All that is wanted is the exact lines from the one with "Question: What time" through the last line of the entries, with both ends kept and every picture left out.

Stored items
........
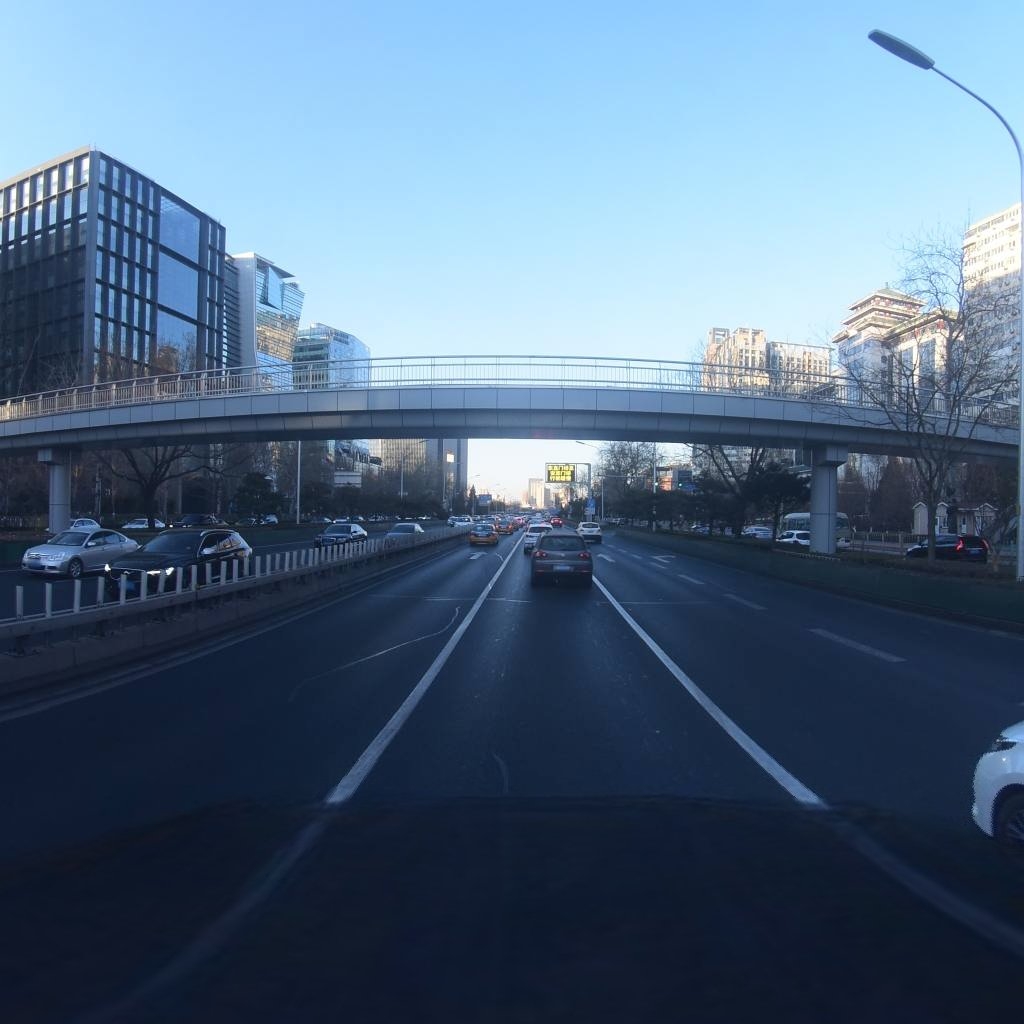
Region: Dongcheng
Road damage annotations: transverse patch, transverse patch, longitudinal patch, longitudinal patch
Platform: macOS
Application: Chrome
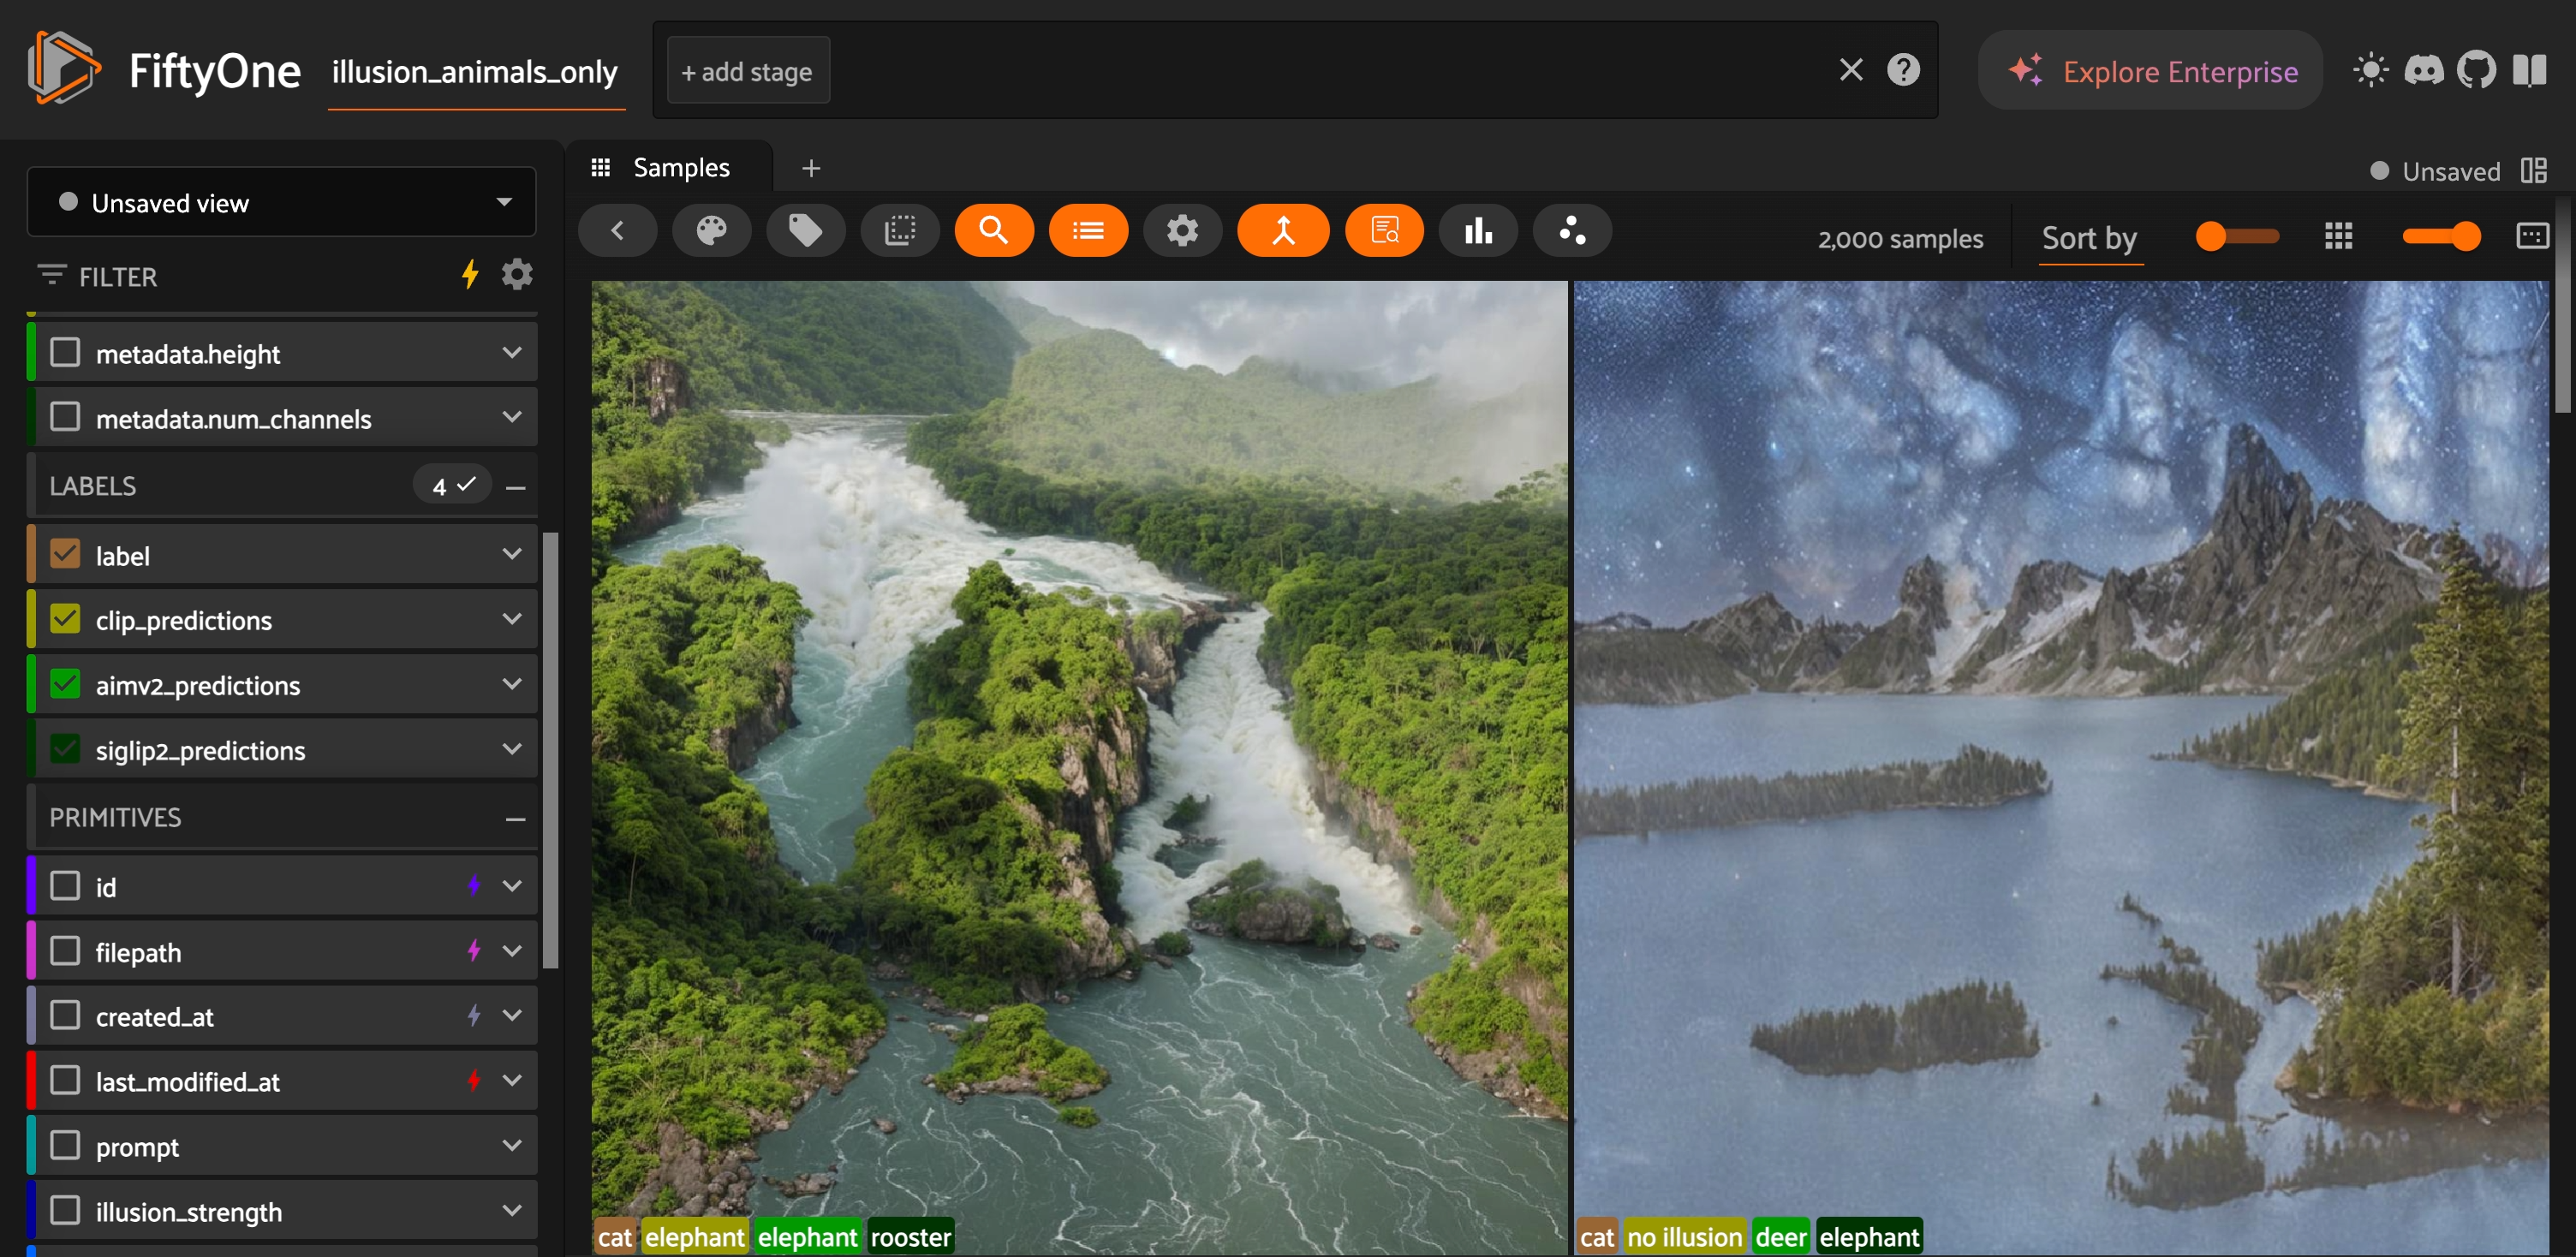
task_description: Where can I find the number of samples in this dataset?
action_type: hover
element_info: Text
steps_since_start: 1
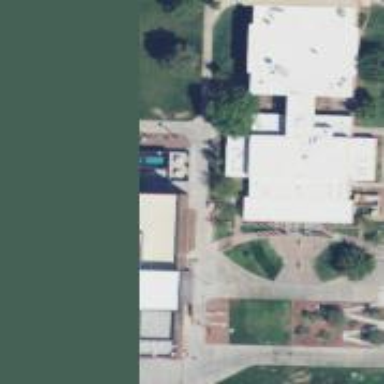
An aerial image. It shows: College building.
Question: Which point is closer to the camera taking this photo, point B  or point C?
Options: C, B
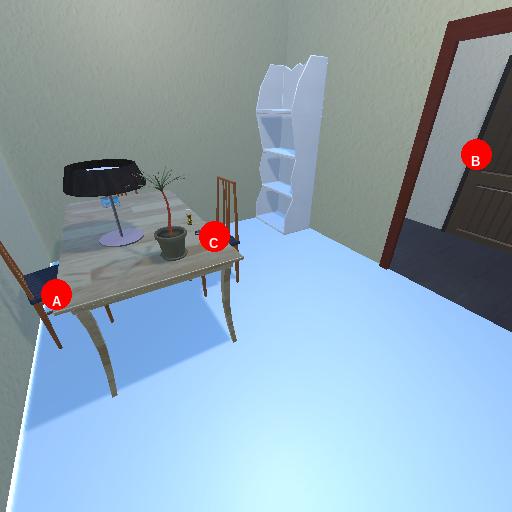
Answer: C
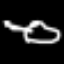
Label: frog
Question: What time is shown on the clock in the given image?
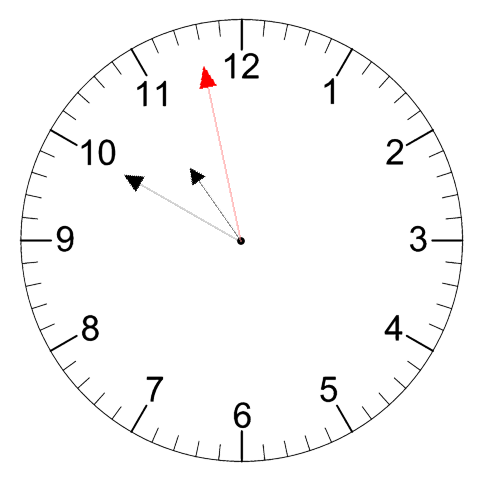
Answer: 10:49:58
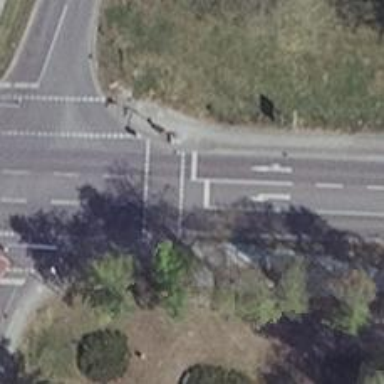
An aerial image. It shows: Road with traffic signals.
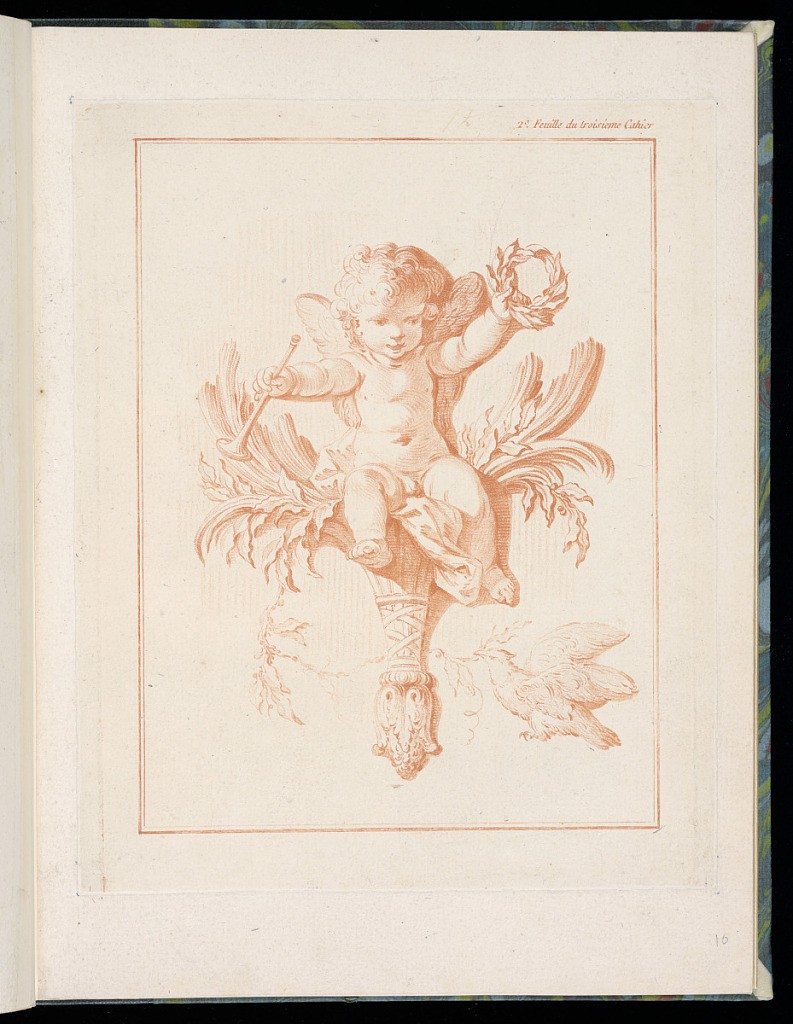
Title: Putto Ornament Design
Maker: Jean-Baptiste Huet, French, 1745 – 1811
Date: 1776–89
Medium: Crayon manner etching in red ink on paper
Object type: Print
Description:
........
WRITTEN ANSWER —
Question: What time is shown on the clock in the given image?
Answer: 10:49:58
An aerial image. It shows: Road with traffic signals.
Title: Putto Ornament Design
Maker: Jean-Baptiste Huet, French, 1745 – 1811
Date: 1776–89
Medium: Crayon manner etching in red ink on paper
Object type: Print
Description:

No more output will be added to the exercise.